YOUR GOAL
Somewhere below is a line with "Bounding box: 4.8 x 1.2 x 3.5 mm (x, y, z)" and, later, a line with "#1142=LINE('',#1141,#1140);"; repeat those two lines and all the lines between them, exactly as they are.

Records from a collection
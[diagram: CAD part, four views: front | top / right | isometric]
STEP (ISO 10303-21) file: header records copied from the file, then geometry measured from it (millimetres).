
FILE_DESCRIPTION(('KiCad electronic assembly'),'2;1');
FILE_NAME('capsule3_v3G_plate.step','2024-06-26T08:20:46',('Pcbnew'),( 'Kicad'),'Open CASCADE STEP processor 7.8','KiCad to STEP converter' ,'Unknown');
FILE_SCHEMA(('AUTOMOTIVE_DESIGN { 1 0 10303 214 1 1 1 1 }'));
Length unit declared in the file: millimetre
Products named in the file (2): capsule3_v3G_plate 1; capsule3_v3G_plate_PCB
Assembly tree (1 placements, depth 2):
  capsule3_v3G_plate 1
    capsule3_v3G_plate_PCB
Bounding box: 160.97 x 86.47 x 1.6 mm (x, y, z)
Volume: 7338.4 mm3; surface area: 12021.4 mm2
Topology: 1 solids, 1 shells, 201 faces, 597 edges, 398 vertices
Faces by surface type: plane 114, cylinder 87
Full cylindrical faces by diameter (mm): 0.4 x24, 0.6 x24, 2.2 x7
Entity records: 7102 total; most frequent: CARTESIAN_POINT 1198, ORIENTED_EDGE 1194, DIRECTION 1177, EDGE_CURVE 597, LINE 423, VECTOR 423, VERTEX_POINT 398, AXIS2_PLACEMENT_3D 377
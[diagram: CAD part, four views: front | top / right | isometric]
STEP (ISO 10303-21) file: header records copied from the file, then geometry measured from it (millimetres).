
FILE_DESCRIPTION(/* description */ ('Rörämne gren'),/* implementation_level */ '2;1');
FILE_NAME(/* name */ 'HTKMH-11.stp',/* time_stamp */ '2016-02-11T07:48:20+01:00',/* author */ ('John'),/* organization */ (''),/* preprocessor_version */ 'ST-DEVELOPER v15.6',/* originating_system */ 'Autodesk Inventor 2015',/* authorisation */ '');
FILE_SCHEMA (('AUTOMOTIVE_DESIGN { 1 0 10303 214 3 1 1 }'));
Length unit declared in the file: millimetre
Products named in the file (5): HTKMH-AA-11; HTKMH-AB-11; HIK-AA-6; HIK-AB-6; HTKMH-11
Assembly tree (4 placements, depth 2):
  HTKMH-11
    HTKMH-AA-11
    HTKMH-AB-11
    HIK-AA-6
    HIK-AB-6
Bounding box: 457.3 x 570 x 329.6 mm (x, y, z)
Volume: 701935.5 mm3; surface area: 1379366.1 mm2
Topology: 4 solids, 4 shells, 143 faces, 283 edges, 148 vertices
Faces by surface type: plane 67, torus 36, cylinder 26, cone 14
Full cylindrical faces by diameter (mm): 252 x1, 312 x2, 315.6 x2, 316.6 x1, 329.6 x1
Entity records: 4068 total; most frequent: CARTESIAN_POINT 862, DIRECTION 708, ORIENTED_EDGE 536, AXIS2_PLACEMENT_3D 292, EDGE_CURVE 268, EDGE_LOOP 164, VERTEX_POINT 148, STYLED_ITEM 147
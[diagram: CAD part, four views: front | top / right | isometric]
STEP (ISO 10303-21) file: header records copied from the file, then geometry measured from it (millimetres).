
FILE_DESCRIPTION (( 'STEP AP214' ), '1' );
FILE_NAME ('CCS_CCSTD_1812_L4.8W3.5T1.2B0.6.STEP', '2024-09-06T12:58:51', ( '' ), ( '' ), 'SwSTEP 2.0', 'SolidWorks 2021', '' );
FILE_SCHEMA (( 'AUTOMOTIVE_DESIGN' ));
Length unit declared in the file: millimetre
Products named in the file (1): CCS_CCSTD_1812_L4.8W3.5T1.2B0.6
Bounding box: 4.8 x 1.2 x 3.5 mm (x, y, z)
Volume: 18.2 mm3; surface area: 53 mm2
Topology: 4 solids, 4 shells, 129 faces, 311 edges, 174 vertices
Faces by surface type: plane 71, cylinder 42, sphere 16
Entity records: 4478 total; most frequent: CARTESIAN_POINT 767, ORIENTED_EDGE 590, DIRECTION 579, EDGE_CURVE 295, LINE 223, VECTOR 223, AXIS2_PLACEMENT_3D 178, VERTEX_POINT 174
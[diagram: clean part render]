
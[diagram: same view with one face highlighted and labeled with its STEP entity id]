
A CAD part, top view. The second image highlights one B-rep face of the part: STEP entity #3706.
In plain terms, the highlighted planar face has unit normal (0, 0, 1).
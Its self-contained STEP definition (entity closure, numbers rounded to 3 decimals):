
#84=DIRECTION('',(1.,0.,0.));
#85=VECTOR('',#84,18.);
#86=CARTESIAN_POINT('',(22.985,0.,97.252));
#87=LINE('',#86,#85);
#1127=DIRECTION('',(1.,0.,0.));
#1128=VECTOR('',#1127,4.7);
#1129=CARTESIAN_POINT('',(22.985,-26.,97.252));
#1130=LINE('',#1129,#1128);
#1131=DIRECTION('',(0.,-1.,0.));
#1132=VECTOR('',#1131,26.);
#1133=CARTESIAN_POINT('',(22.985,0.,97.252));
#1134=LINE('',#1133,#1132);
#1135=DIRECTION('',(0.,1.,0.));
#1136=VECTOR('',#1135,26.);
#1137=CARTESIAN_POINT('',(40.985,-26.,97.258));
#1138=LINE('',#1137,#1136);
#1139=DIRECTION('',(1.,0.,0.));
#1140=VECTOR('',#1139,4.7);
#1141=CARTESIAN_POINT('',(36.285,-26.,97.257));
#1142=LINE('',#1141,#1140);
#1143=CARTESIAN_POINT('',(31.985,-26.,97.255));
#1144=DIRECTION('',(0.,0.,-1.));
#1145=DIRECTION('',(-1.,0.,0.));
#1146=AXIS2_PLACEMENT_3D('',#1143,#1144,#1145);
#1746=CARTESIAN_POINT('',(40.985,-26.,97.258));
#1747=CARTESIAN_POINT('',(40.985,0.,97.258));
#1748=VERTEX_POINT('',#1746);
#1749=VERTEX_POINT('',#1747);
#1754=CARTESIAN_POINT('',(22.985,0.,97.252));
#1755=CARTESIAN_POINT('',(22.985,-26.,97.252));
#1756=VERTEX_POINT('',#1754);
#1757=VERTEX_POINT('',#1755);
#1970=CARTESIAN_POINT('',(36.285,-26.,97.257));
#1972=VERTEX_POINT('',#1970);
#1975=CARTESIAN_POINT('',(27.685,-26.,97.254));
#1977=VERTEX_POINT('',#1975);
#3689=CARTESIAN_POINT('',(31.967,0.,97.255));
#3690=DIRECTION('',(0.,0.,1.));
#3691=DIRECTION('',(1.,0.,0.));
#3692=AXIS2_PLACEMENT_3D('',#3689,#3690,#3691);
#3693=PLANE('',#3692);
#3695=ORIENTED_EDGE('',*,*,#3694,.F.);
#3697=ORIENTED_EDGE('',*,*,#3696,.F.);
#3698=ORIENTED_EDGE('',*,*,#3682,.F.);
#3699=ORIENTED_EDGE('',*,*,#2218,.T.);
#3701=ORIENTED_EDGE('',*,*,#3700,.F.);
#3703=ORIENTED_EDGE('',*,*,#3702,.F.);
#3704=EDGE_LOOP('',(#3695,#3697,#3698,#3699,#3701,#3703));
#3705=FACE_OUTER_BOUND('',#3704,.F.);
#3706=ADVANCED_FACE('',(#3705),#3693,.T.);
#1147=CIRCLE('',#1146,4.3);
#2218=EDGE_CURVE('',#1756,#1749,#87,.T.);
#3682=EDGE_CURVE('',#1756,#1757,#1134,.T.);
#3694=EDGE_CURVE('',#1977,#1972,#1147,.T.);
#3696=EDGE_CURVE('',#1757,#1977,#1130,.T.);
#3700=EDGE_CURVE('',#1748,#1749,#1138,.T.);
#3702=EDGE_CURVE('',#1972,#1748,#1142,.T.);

ANSWER TO THE EXERCISE
Bounding box: 4.8 x 1.2 x 3.5 mm (x, y, z)
Volume: 18.2 mm3; surface area: 53 mm2
Topology: 4 solids, 4 shells, 129 faces, 311 edges, 174 vertices
Faces by surface type: plane 71, cylinder 42, sphere 16
Entity records: 4478 total; most frequent: CARTESIAN_POINT 767, ORIENTED_EDGE 590, DIRECTION 579, EDGE_CURVE 295, LINE 223, VECTOR 223, AXIS2_PLACEMENT_3D 178, VERTEX_POINT 174
[diagram: clean part render]
[diagram: same view with one face highlighted and labeled with its STEP entity id]
A CAD part, top view. The second image highlights one B-rep face of the part: STEP entity #3706.
In plain terms, the highlighted planar face has unit normal (0, 0, 1).
Its self-contained STEP definition (entity closure, numbers rounded to 3 decimals):
#84=DIRECTION('',(1.,0.,0.));
#85=VECTOR('',#84,18.);
#86=CARTESIAN_POINT('',(22.985,0.,97.252));
#87=LINE('',#86,#85);
#1127=DIRECTION('',(1.,0.,0.));
#1128=VECTOR('',#1127,4.7);
#1129=CARTESIAN_POINT('',(22.985,-26.,97.252));
#1130=LINE('',#1129,#1128);
#1131=DIRECTION('',(0.,-1.,0.));
#1132=VECTOR('',#1131,26.);
#1133=CARTESIAN_POINT('',(22.985,0.,97.252));
#1134=LINE('',#1133,#1132);
#1135=DIRECTION('',(0.,1.,0.));
#1136=VECTOR('',#1135,26.);
#1137=CARTESIAN_POINT('',(40.985,-26.,97.258));
#1138=LINE('',#1137,#1136);
#1139=DIRECTION('',(1.,0.,0.));
#1140=VECTOR('',#1139,4.7);
#1141=CARTESIAN_POINT('',(36.285,-26.,97.257));
#1142=LINE('',#1141,#1140);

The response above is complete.